Segment Open

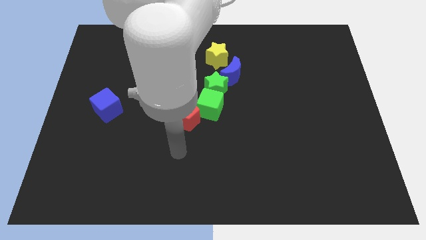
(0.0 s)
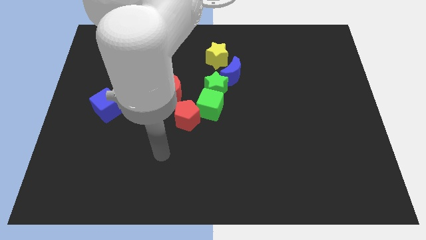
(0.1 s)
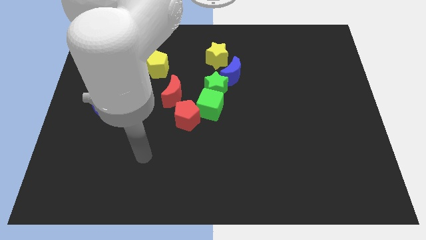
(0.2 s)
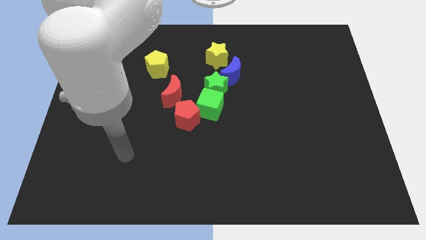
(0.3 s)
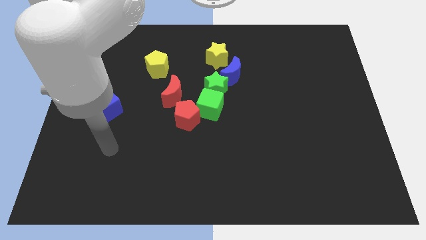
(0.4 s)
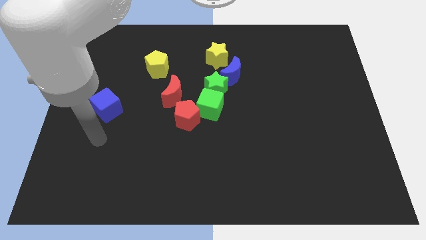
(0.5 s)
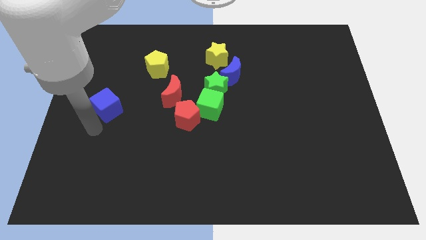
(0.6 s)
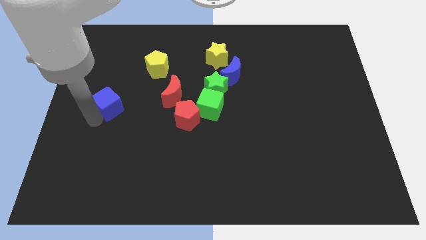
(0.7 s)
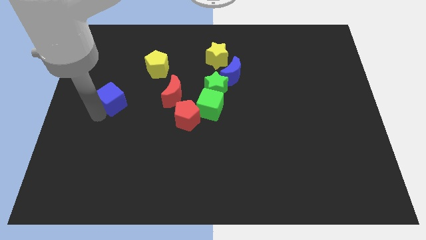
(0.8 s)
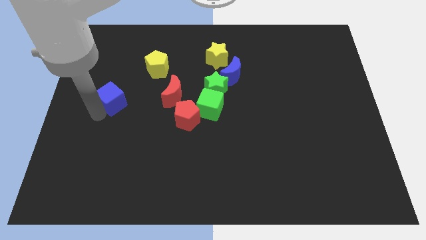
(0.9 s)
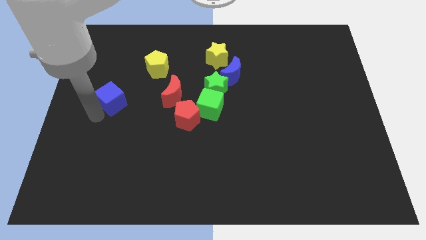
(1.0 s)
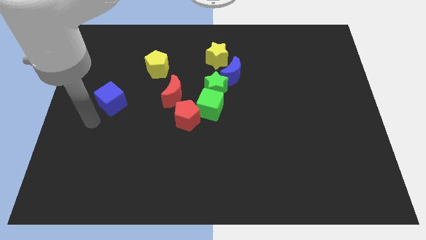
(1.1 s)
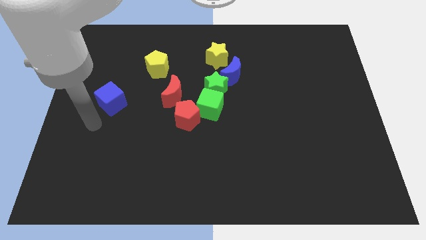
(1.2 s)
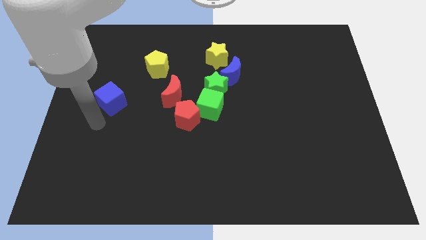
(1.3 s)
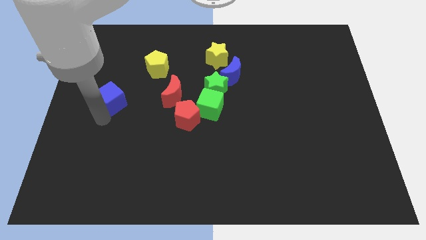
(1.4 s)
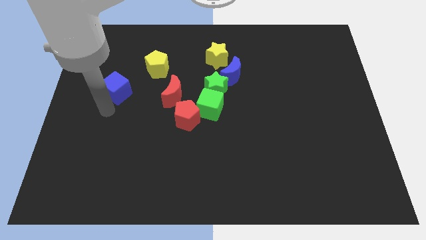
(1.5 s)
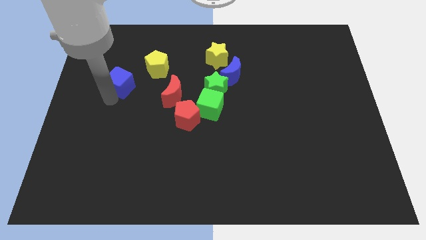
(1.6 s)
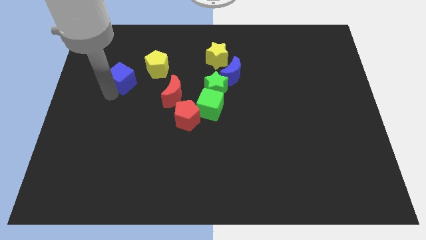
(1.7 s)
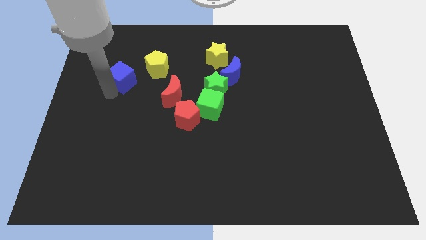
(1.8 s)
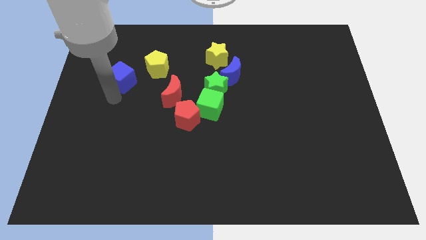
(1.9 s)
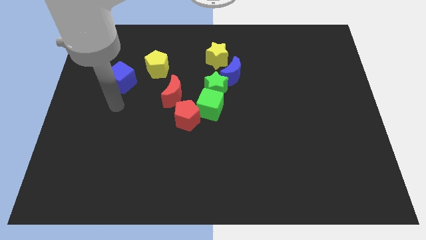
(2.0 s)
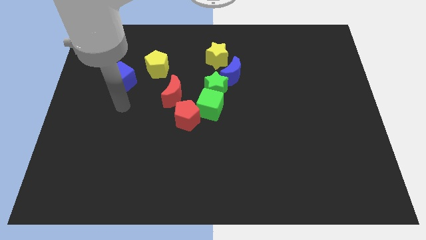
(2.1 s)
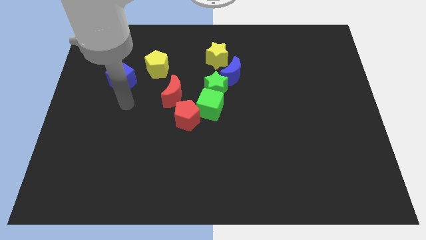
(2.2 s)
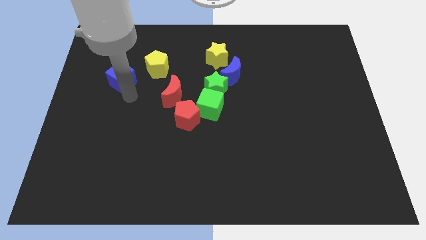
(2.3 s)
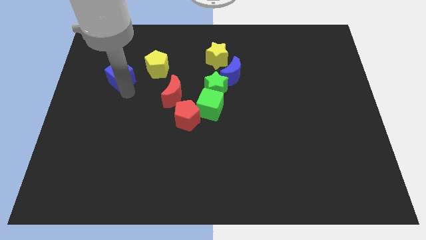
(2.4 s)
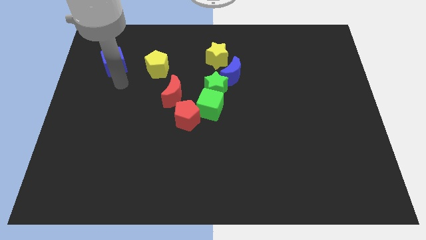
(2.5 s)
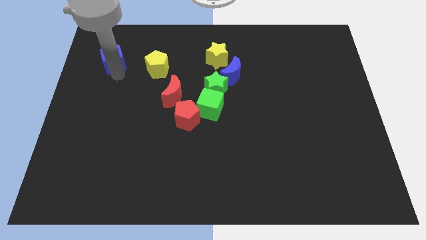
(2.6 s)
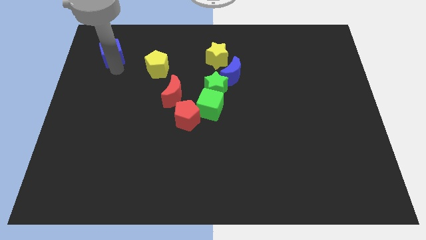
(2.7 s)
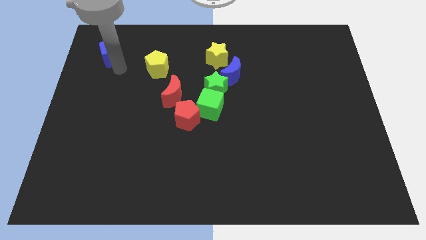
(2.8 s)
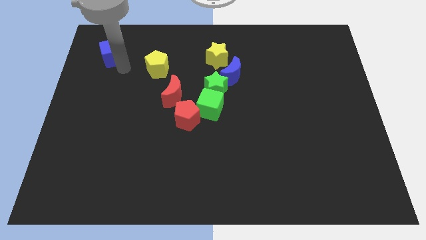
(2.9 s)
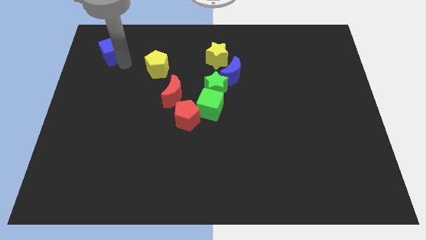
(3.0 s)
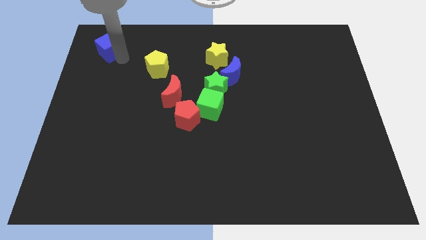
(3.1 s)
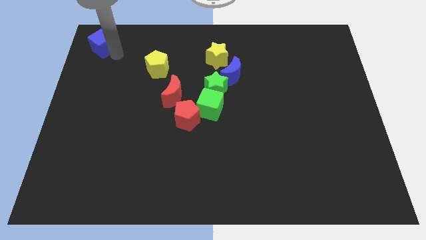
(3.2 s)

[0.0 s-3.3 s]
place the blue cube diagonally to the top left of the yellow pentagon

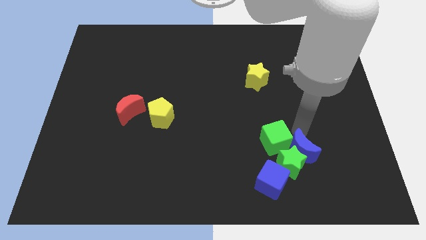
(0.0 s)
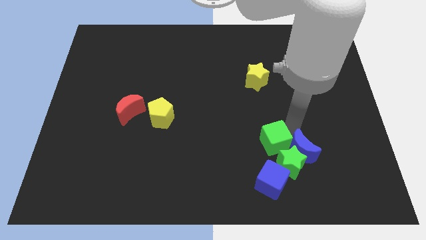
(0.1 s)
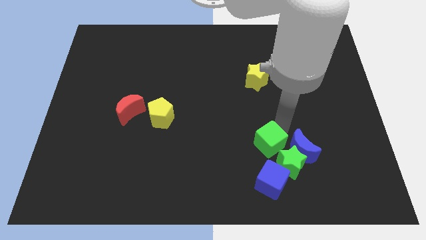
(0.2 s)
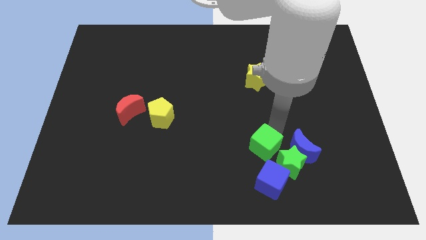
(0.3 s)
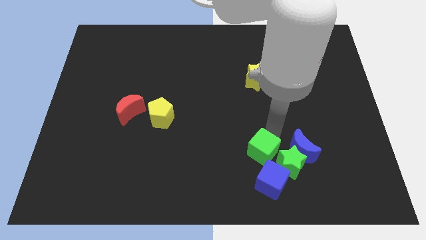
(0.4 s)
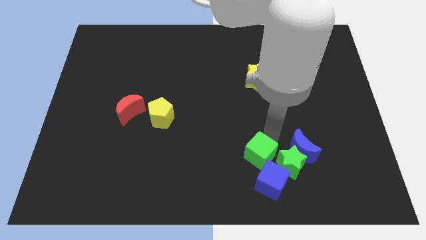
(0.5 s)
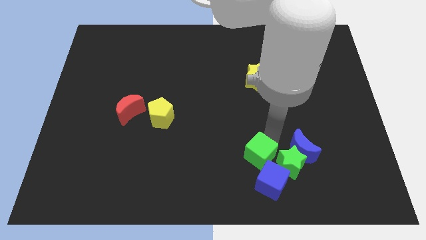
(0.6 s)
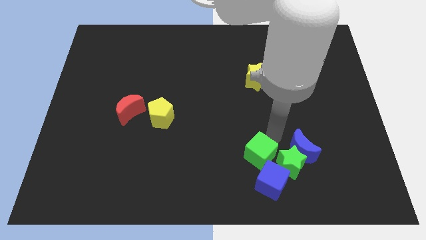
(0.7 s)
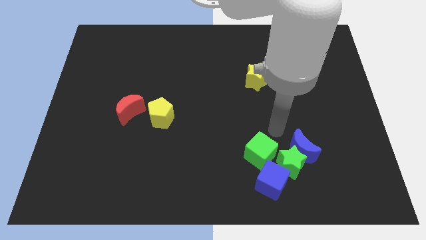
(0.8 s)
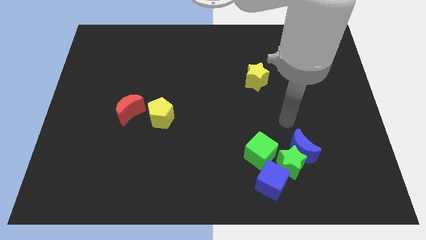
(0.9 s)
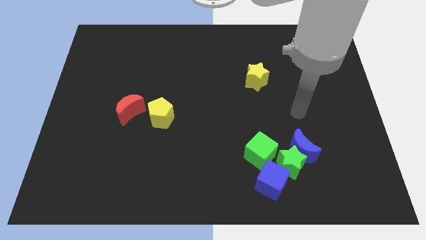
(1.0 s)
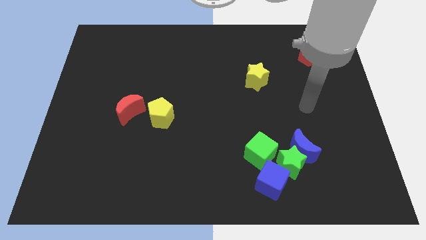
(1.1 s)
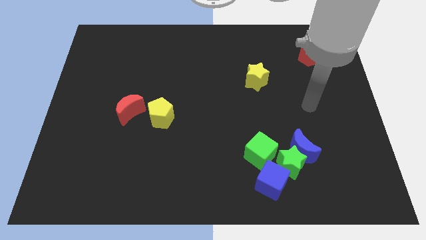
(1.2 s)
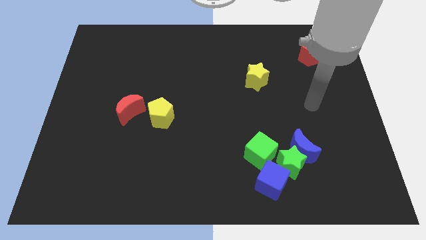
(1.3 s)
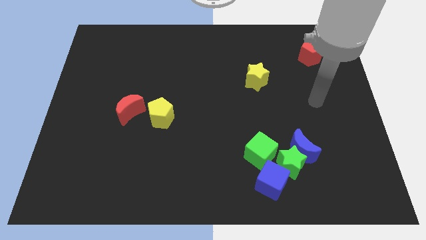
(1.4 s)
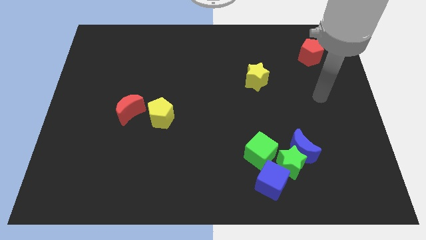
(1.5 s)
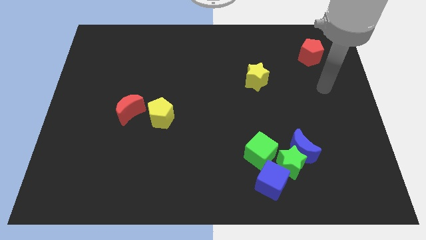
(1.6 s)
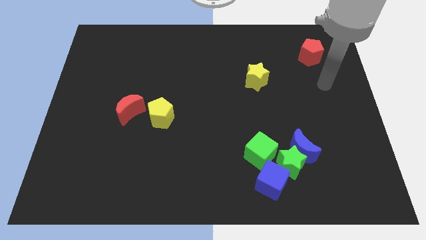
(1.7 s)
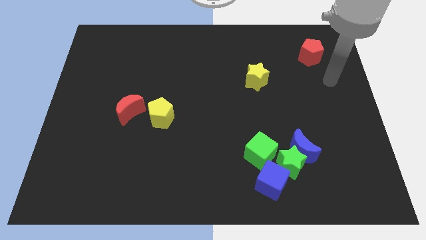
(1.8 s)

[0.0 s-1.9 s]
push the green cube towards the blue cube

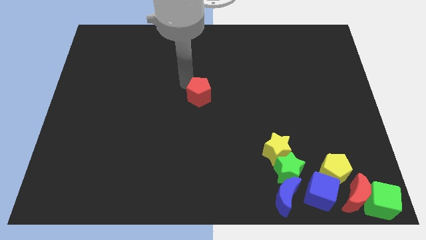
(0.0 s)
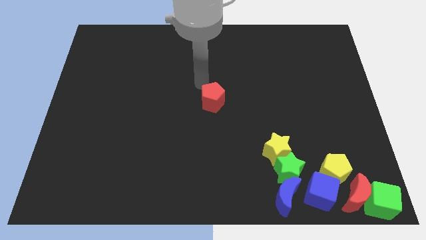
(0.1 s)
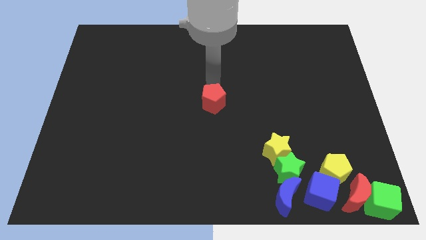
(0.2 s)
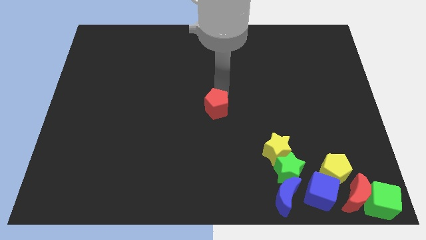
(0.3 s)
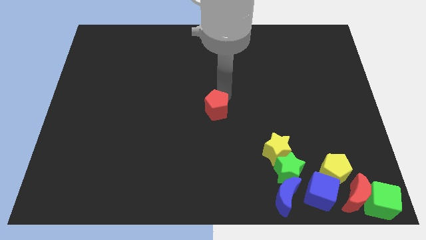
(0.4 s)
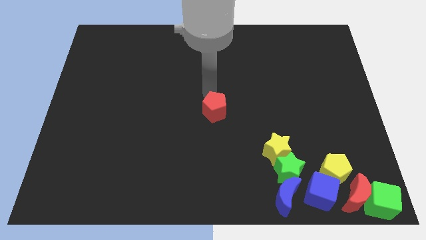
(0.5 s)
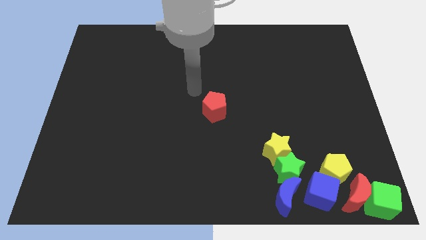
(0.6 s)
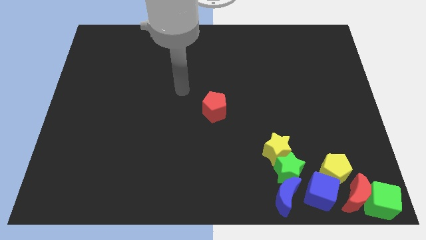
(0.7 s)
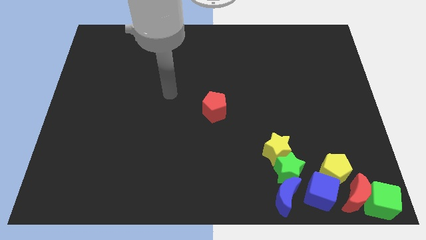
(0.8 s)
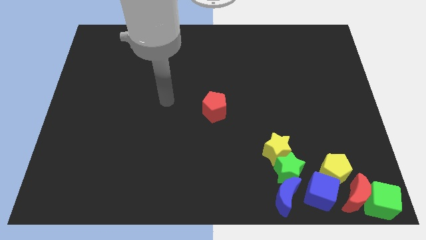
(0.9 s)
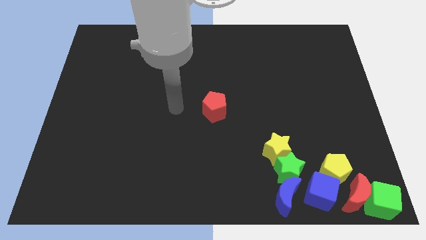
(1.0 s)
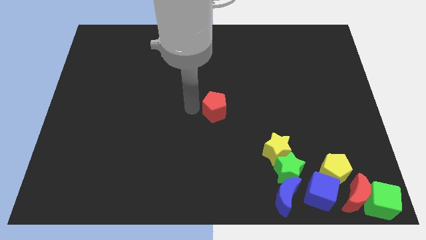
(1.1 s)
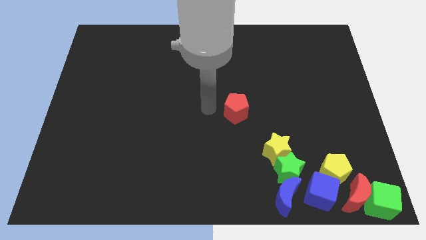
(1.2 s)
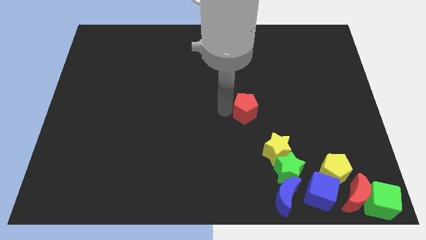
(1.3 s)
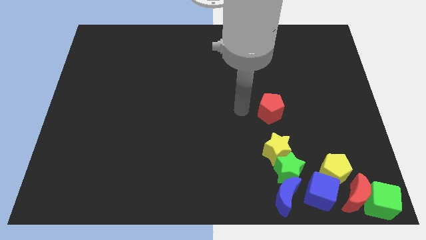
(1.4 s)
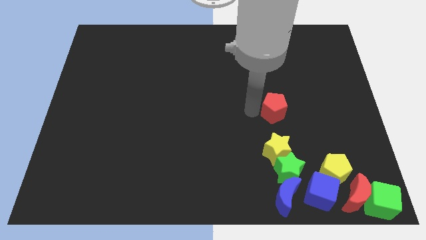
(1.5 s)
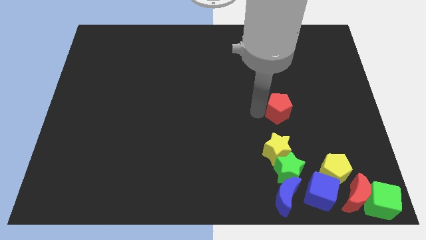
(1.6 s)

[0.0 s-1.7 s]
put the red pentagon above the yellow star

Segment Closed

Every record above should be transcribed exactly; the pictures stay out of the copy.

_Your response:_
(0.0 s)
(0.1 s)
(0.2 s)
(0.3 s)
(0.4 s)
(0.5 s)
(0.6 s)
(0.7 s)
(0.8 s)
(0.9 s)
(1.0 s)
(1.1 s)
(1.2 s)
(1.3 s)
(1.4 s)
(1.5 s)
(1.6 s)
(1.7 s)
(1.8 s)
(1.9 s)
(2.0 s)
(2.1 s)
(2.2 s)
(2.3 s)
(2.4 s)
(2.5 s)
(2.6 s)
(2.7 s)
(2.8 s)
(2.9 s)
(3.0 s)
(3.1 s)
(3.2 s)

[0.0 s-3.3 s]
place the blue cube diagonally to the top left of the yellow pentagon

(0.0 s)
(0.1 s)
(0.2 s)
(0.3 s)
(0.4 s)
(0.5 s)
(0.6 s)
(0.7 s)
(0.8 s)
(0.9 s)
(1.0 s)
(1.1 s)
(1.2 s)
(1.3 s)
(1.4 s)
(1.5 s)
(1.6 s)
(1.7 s)
(1.8 s)

[0.0 s-1.9 s]
push the green cube towards the blue cube

(0.0 s)
(0.1 s)
(0.2 s)
(0.3 s)
(0.4 s)
(0.5 s)
(0.6 s)
(0.7 s)
(0.8 s)
(0.9 s)
(1.0 s)
(1.1 s)
(1.2 s)
(1.3 s)
(1.4 s)
(1.5 s)
(1.6 s)

[0.0 s-1.7 s]
put the red pentagon above the yellow star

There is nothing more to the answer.